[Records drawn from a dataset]
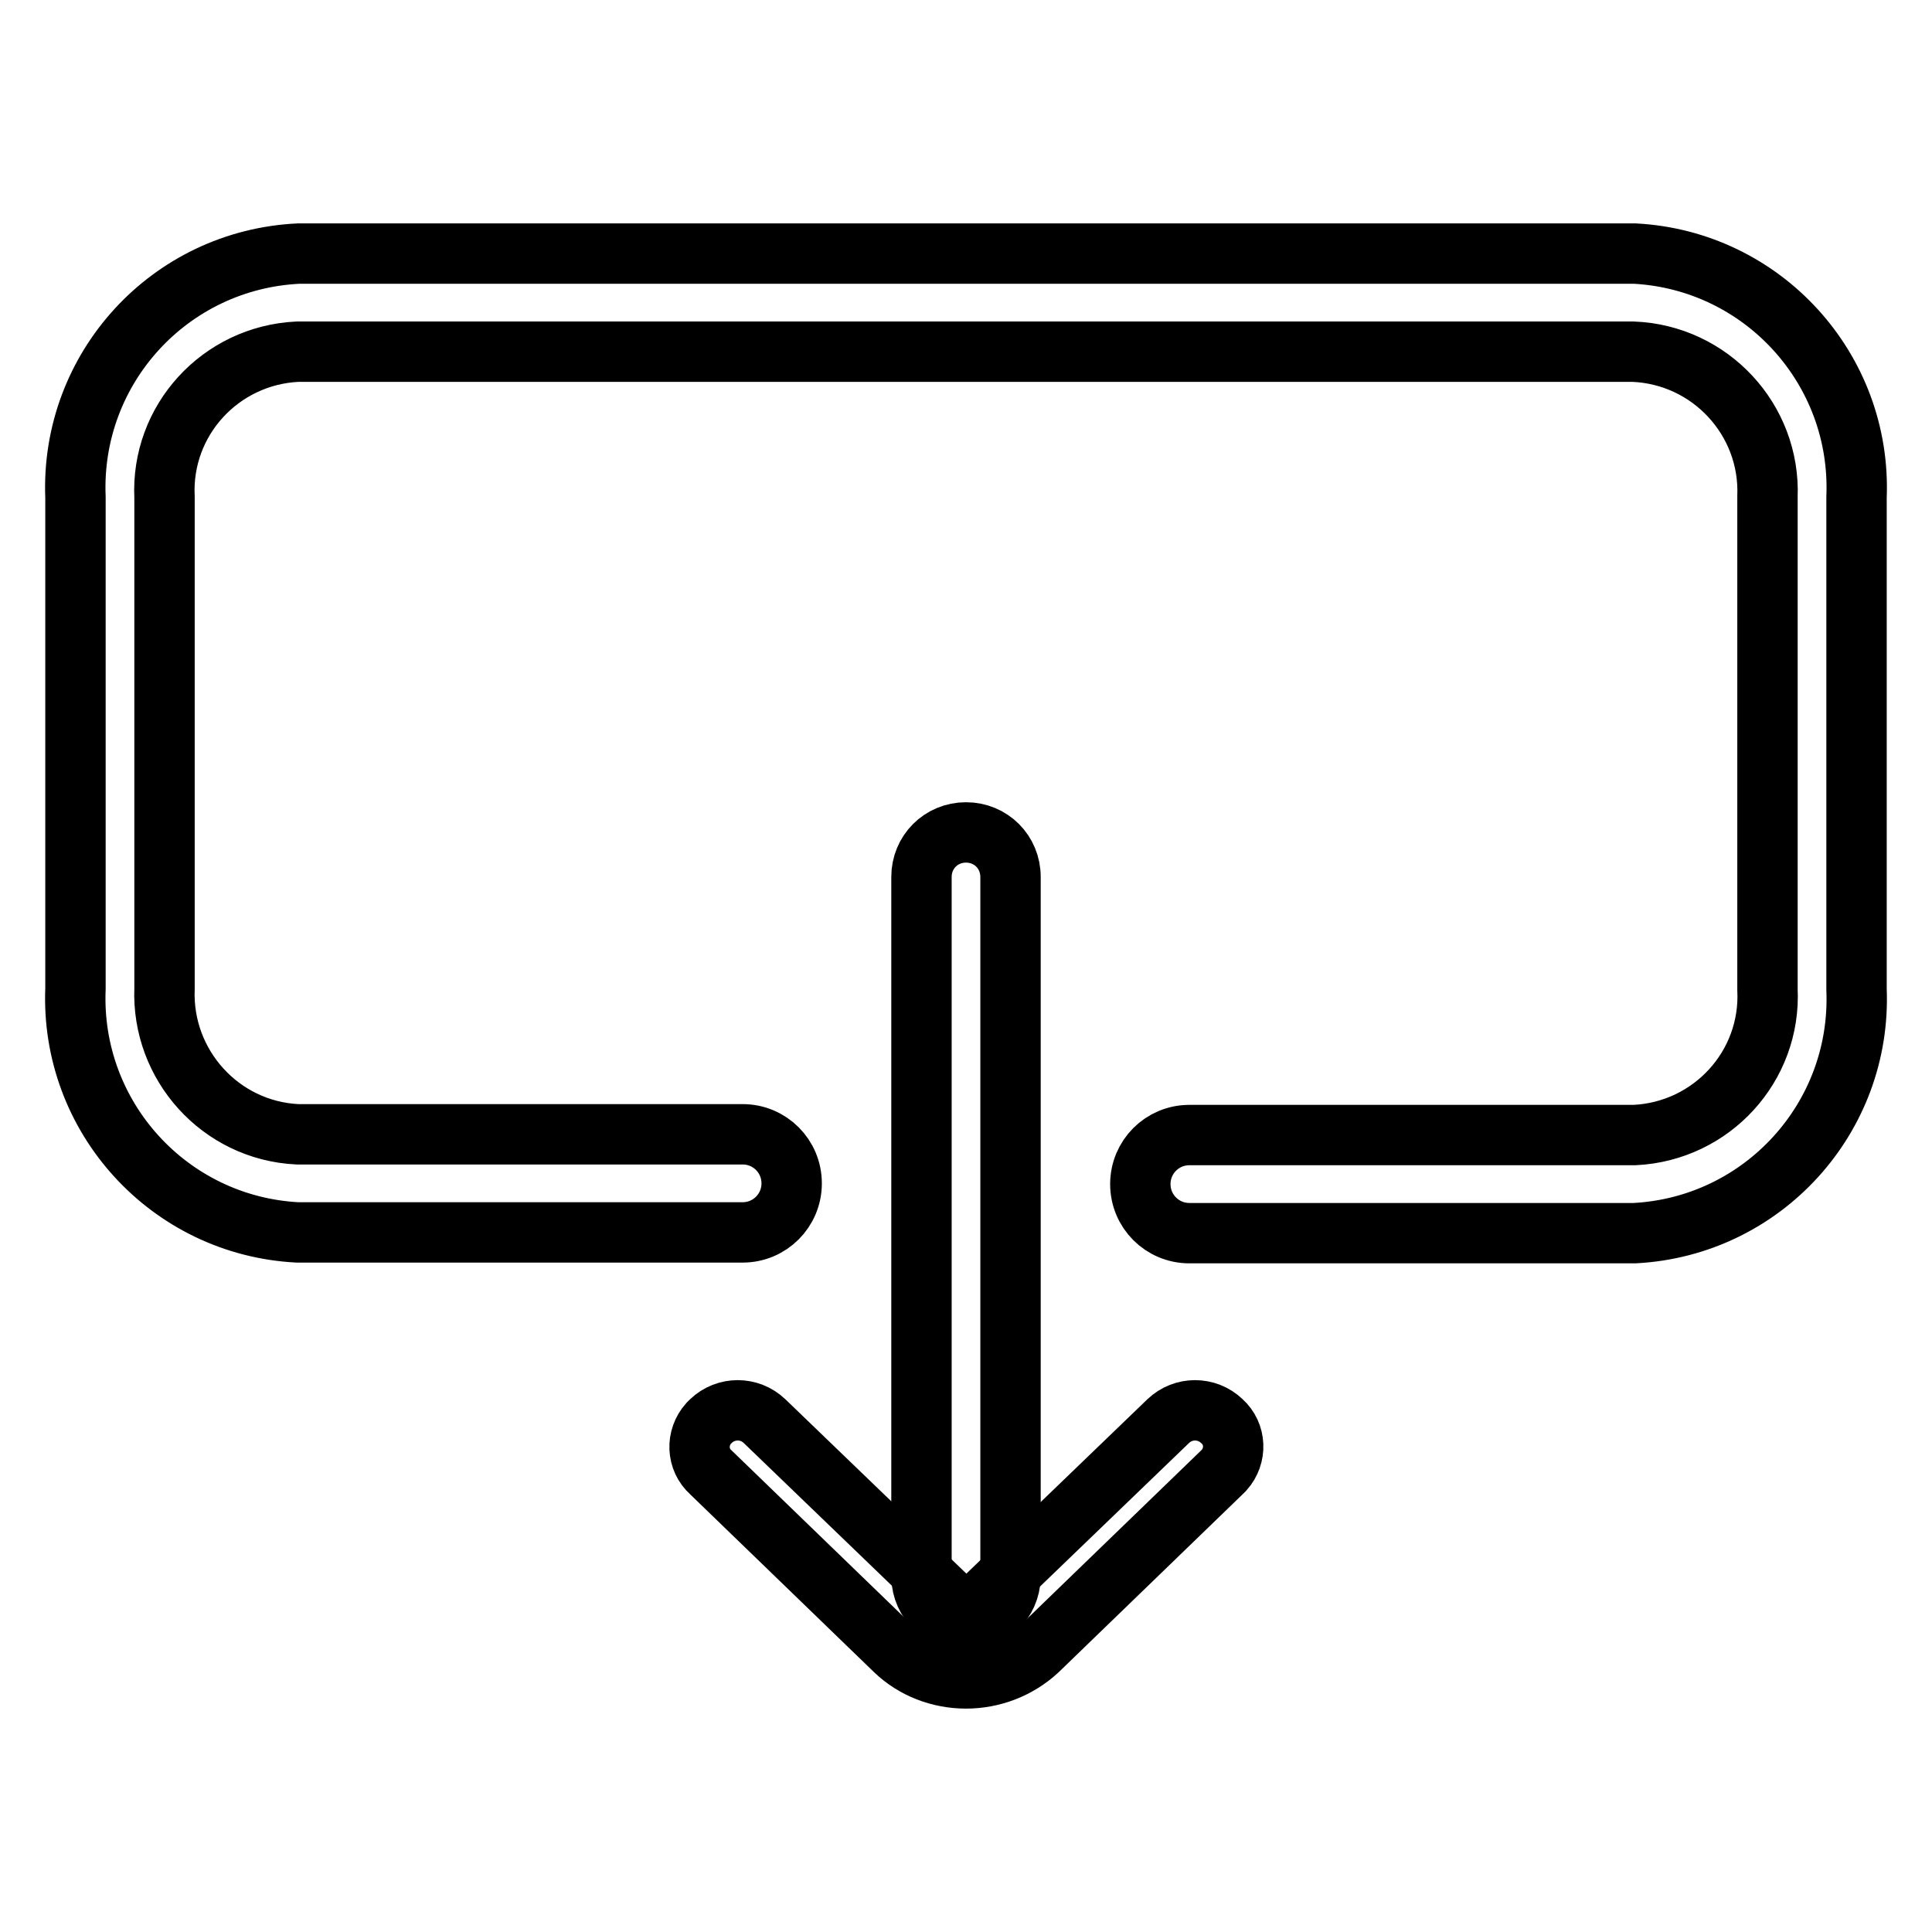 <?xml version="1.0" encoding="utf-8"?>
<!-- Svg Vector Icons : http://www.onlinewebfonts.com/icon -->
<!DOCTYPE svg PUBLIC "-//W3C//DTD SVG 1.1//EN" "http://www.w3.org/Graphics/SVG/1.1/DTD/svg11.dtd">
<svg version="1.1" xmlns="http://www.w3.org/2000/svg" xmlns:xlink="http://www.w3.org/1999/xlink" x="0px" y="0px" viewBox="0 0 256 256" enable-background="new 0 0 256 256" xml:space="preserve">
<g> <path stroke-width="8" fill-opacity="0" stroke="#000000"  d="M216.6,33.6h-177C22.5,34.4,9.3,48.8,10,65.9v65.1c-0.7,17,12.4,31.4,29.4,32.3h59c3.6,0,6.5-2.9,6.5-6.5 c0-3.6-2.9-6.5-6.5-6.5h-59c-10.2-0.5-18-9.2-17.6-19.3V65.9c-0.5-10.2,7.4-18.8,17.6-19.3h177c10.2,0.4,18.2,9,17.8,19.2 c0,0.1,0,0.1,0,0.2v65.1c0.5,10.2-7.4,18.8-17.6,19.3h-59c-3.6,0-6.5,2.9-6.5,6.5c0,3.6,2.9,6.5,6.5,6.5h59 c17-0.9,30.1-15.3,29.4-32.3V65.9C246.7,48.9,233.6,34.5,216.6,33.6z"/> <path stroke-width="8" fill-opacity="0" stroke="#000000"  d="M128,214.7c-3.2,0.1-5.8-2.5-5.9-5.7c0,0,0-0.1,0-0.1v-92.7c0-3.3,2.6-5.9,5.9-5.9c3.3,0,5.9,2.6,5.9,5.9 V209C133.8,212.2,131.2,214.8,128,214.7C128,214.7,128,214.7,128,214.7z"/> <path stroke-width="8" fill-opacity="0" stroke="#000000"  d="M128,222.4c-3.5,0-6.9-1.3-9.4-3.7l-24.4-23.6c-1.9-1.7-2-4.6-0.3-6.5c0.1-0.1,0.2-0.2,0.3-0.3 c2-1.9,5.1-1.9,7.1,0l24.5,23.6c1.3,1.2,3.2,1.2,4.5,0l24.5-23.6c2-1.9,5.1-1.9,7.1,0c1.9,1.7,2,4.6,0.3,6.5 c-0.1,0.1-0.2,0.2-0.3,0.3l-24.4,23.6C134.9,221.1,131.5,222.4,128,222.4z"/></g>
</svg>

### What needs to be done
Quote the data exactly, leaving every image out of the copy.

### Exercise result
 <?xml version="1.0" encoding="utf-8"?>
<!-- Svg Vector Icons : http://www.onlinewebfonts.com/icon -->
<!DOCTYPE svg PUBLIC "-//W3C//DTD SVG 1.1//EN" "http://www.w3.org/Graphics/SVG/1.1/DTD/svg11.dtd">
<svg version="1.1" xmlns="http://www.w3.org/2000/svg" xmlns:xlink="http://www.w3.org/1999/xlink" x="0px" y="0px" viewBox="0 0 256 256" enable-background="new 0 0 256 256" xml:space="preserve">
<g> <path stroke-width="8" fill-opacity="0" stroke="#000000"  d="M216.6,33.6h-177C22.5,34.4,9.3,48.8,10,65.9v65.1c-0.7,17,12.4,31.4,29.4,32.3h59c3.6,0,6.5-2.9,6.5-6.5 c0-3.6-2.9-6.5-6.5-6.5h-59c-10.2-0.5-18-9.2-17.6-19.3V65.9c-0.5-10.2,7.4-18.8,17.6-19.3h177c10.2,0.4,18.2,9,17.8,19.2 c0,0.1,0,0.1,0,0.2v65.1c0.5,10.2-7.4,18.8-17.6,19.3h-59c-3.6,0-6.5,2.9-6.5,6.5c0,3.6,2.9,6.5,6.5,6.5h59 c17-0.9,30.1-15.3,29.4-32.3V65.9C246.7,48.9,233.6,34.5,216.6,33.6z"/> <path stroke-width="8" fill-opacity="0" stroke="#000000"  d="M128,214.7c-3.2,0.1-5.8-2.5-5.9-5.7c0,0,0-0.1,0-0.1v-92.7c0-3.3,2.6-5.9,5.9-5.9c3.3,0,5.9,2.6,5.9,5.9 V209C133.8,212.2,131.2,214.8,128,214.7C128,214.7,128,214.7,128,214.7z"/> <path stroke-width="8" fill-opacity="0" stroke="#000000"  d="M128,222.4c-3.5,0-6.9-1.3-9.4-3.7l-24.4-23.6c-1.9-1.7-2-4.6-0.3-6.5c0.1-0.1,0.2-0.2,0.3-0.3 c2-1.9,5.1-1.9,7.1,0l24.5,23.6c1.3,1.2,3.2,1.2,4.5,0l24.5-23.6c2-1.9,5.1-1.9,7.1,0c1.9,1.7,2,4.6,0.3,6.5 c-0.1,0.1-0.2,0.2-0.3,0.3l-24.4,23.6C134.9,221.1,131.5,222.4,128,222.4z"/></g>
</svg>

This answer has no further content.